**TASK DIRECTIONS:** Leave the pictures out and write out exactly the lines from the top of the entries through the line containing "Q: Monospaced? A: No.".

EXTRACTED RECORDS below:

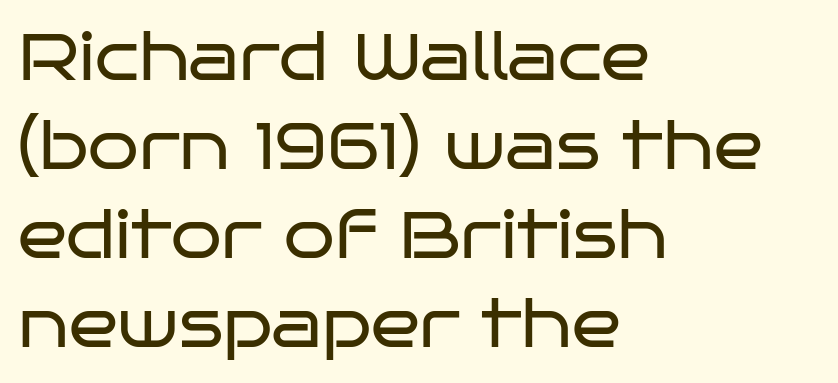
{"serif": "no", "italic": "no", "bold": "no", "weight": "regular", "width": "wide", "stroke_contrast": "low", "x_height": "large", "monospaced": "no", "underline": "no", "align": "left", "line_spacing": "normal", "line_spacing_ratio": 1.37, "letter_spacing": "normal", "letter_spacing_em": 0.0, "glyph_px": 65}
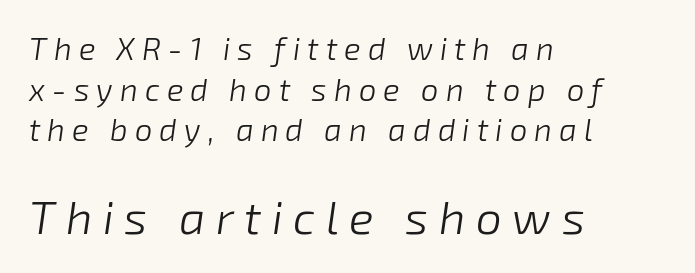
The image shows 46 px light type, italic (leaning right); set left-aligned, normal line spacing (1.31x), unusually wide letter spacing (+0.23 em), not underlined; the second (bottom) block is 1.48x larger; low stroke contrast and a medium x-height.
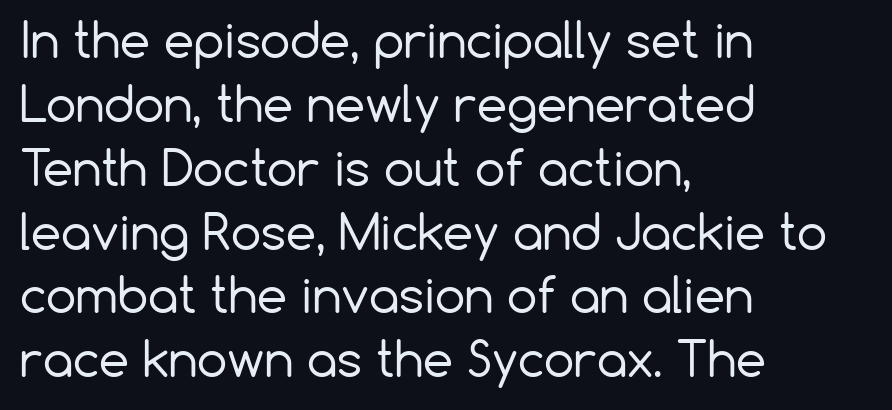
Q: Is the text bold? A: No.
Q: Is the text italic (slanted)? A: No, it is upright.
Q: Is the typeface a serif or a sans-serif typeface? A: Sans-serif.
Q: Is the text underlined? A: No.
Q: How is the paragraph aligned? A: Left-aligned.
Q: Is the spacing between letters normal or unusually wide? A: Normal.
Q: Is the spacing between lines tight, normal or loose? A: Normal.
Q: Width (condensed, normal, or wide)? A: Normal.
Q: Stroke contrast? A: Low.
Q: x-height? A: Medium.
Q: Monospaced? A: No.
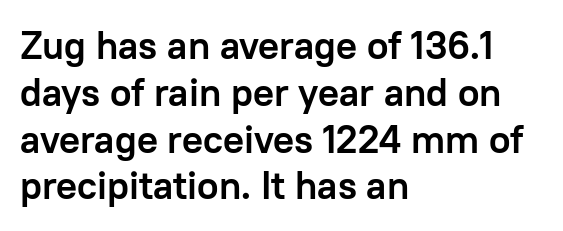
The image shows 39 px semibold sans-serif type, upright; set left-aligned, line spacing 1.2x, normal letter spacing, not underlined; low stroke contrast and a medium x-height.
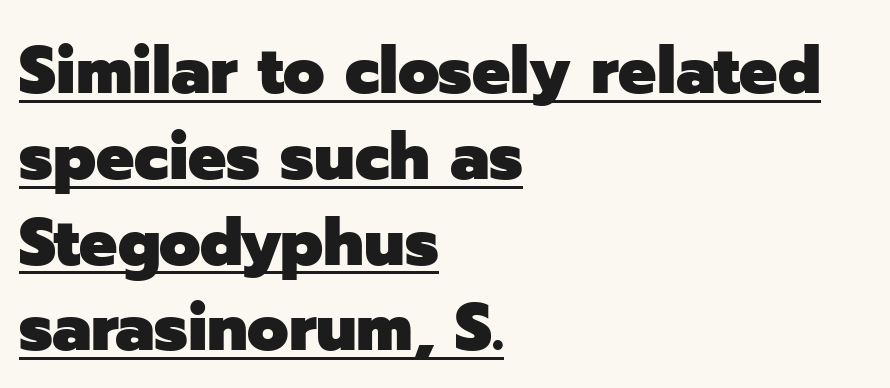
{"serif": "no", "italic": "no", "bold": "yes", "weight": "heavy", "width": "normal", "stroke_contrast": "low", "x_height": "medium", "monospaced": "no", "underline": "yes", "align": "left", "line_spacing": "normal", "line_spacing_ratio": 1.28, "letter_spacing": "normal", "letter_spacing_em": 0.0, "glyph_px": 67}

End of EXTRACTED RECORDS.

**EXPECTED OUTPUT:**
{"serif": "no", "italic": "no", "bold": "no", "weight": "regular", "width": "wide", "stroke_contrast": "low", "x_height": "large", "monospaced": "no", "underline": "no", "align": "left", "line_spacing": "normal", "line_spacing_ratio": 1.37, "letter_spacing": "normal", "letter_spacing_em": 0.0, "glyph_px": 65}
The image shows 46 px light type, italic (leaning right); set left-aligned, normal line spacing (1.31x), unusually wide letter spacing (+0.23 em), not underlined; the second (bottom) block is 1.48x larger; low stroke contrast and a medium x-height.
Q: Is the text bold? A: No.
Q: Is the text italic (slanted)? A: No, it is upright.
Q: Is the typeface a serif or a sans-serif typeface? A: Sans-serif.
Q: Is the text underlined? A: No.
Q: How is the paragraph aligned? A: Left-aligned.
Q: Is the spacing between letters normal or unusually wide? A: Normal.
Q: Is the spacing between lines tight, normal or loose? A: Normal.
Q: Width (condensed, normal, or wide)? A: Normal.
Q: Stroke contrast? A: Low.
Q: x-height? A: Medium.
Q: Monospaced? A: No.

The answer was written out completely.